(Records from a data source)
○ ○ ○ ○

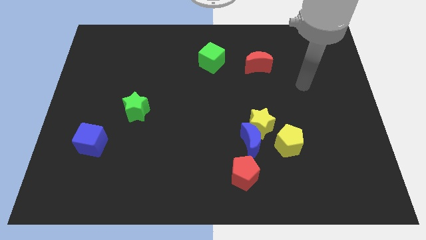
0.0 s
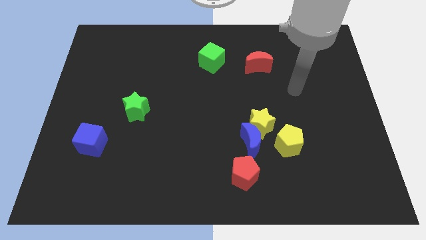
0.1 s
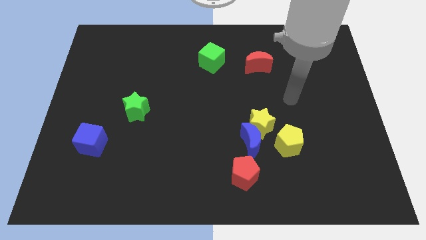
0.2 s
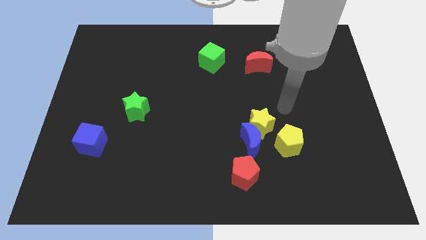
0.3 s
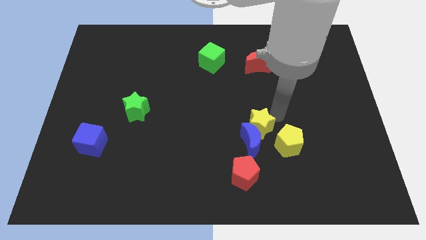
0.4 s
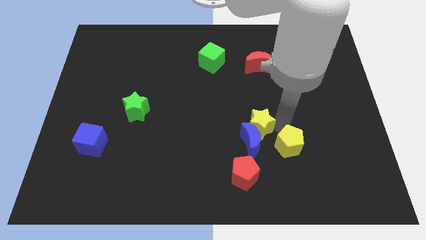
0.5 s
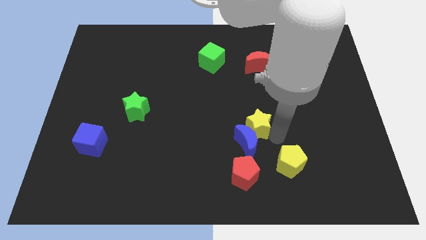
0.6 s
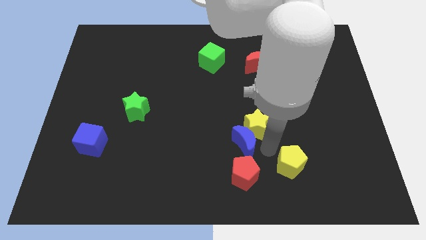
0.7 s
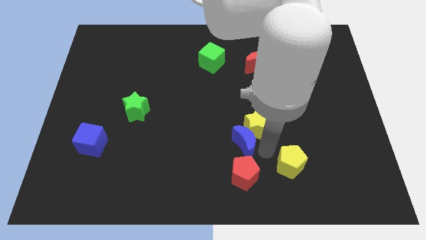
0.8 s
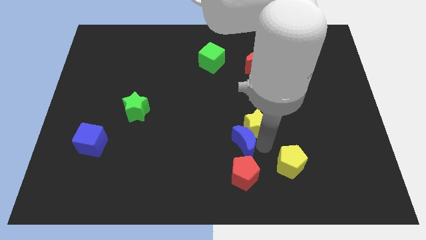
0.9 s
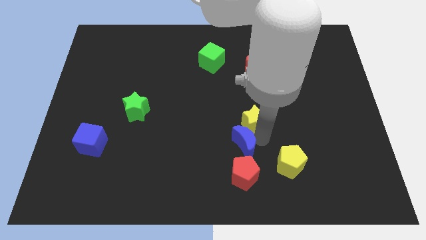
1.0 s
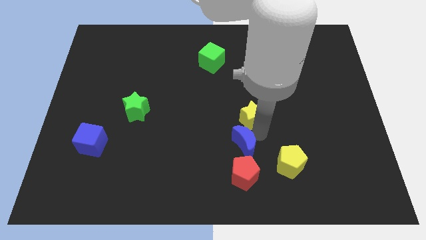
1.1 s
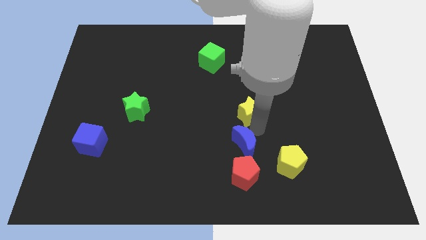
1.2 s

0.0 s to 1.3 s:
separate the yellow star from the blue moon and yellow pentagon

○ ○ ○ ○

**The task**
Write out the entries above verbatim; the pictures do not belong in your copy.

**Output**
0.0 s
0.1 s
0.2 s
0.3 s
0.4 s
0.5 s
0.6 s
0.7 s
0.8 s
0.9 s
1.0 s
1.1 s
1.2 s

0.0 s to 1.3 s:
separate the yellow star from the blue moon and yellow pentagon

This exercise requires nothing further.